Finished persons keep their word 
will not abuse Christ with weakness 
are rationally categorical 
fulfill obligations 
and responsibility 
and responsibility 
and responsibility 
with no need to be forgiven. 

Good agents should answer
by writing a profound letter.

III. Intuitively wrong action 

Persons depress some tasks 
some tasks 
some tasks 
simply impossible. But then, 

much more much m ore 
much mo re 
difficult, without im po ssible 

imp oss ible 
imp ossib le. For instance, that person 
pers on 
p er son 
that person with 

a severe moral ob ligation to a let ter 
of th anks than ks 
of thanks to
a letter to a fri end. 

Further that the letter po ssib le 
p oss ible 
pos s ib le 
poss ib le 

po ssible for this agent, 
but only just. 

Ag ency 
Agen cy 
a gen cy AGENCY. 
in this case, might well restrict
altogether

the letter. 
The LE TT ER 
the LET TER 
l et te r 

possible, 
but very, very difficult. 

IV. Disabled Reason’s second attempt at writing a letter 

Friend, I give my word I am only just writing, radically constrained by the faces. Their contempt. How they stare because the saintly way exists in me. I am full of phenomenon, and they see. See all the weight of the second notion of roots? How the body does not break? I blame it on the rough calculation—the causes and the literal two-word continuum. I am writing. We are not limited by relevant history. The real elements further the purposes of the irrelevant interpretation, the labor of children born—brothers and sisters. We are all related to the literal hold of the body of the household, all in the family way, and we point to the heavy spots. What is right, Friend? I am writing this bit of soul making. The attempts not limited to ends of existence, to flaws that want to leave to body. I am locked in impossible outcomes. I see you struggle against the severe surrounding, the forces of sin—reflection. I see you. I see, Friend. It is as I say.

V. God speaks for Himself, for Lehi, and for Kant 

Some might be bothered that I could be 
interpreted as confusing. But I am 

the problem of space and time restrictions. 
The I AM nomenclature limited 

by empirical objects, the “ought.” There is 
no reflection; no “we” in the suggestion. 

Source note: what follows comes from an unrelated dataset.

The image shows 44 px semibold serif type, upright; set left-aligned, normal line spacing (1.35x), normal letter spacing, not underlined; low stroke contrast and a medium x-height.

What can a moral God do? The obvious: 
more and less. I weaken my infinite ability, 

advocating the cultivated struggle 
in a covenant demographic, creating types, 

a history of “oughts,” and certain kinds
of misguided mental tasks, however I must 

to mitigate my children’s agency, to get them 
to safety. I hold this responsibility— 

the commitment to opposition. That is 
my reason. That is my end.

VI. Christ contemplates atonement at the helm of the ship 

How does one will to rise against this body experience?
I have reason to question my ability to keep my word.
From here the way does not seem clear. 
We struggle, a family altogether blind, bound 

in certain death and blown on a severe current. 
I take up the least of God’s issue, and the greater—
brothers and sisters in reflection and all degree of character
—and we hold on. My duty, to keep course, maintain 

a mild state of hope, but some are more afraid 
to get into the boat than others. The evil is deep.
I have struggles of my own—a potential global loss;
difficulties making sense of this planning

even before the suggestion of the other 
above self. But the tremendous history of need—
the outcomes of these lost children more relevant
than all my weaknesses. It is hard to do the heavy act

of healing—the unforgiving attempts necessary to give
life, to make claim on the demands of their agent bodies,
separate sin from the soul, repair the absurd suffering
of madness to save purpose. 

Entirely difficult if not impossible. I point this boat of empathy
from captivity. I think I can see the way. By the time
it is finished we will arrive in more certain surroundings
as one, an equal household—all of us justly broken.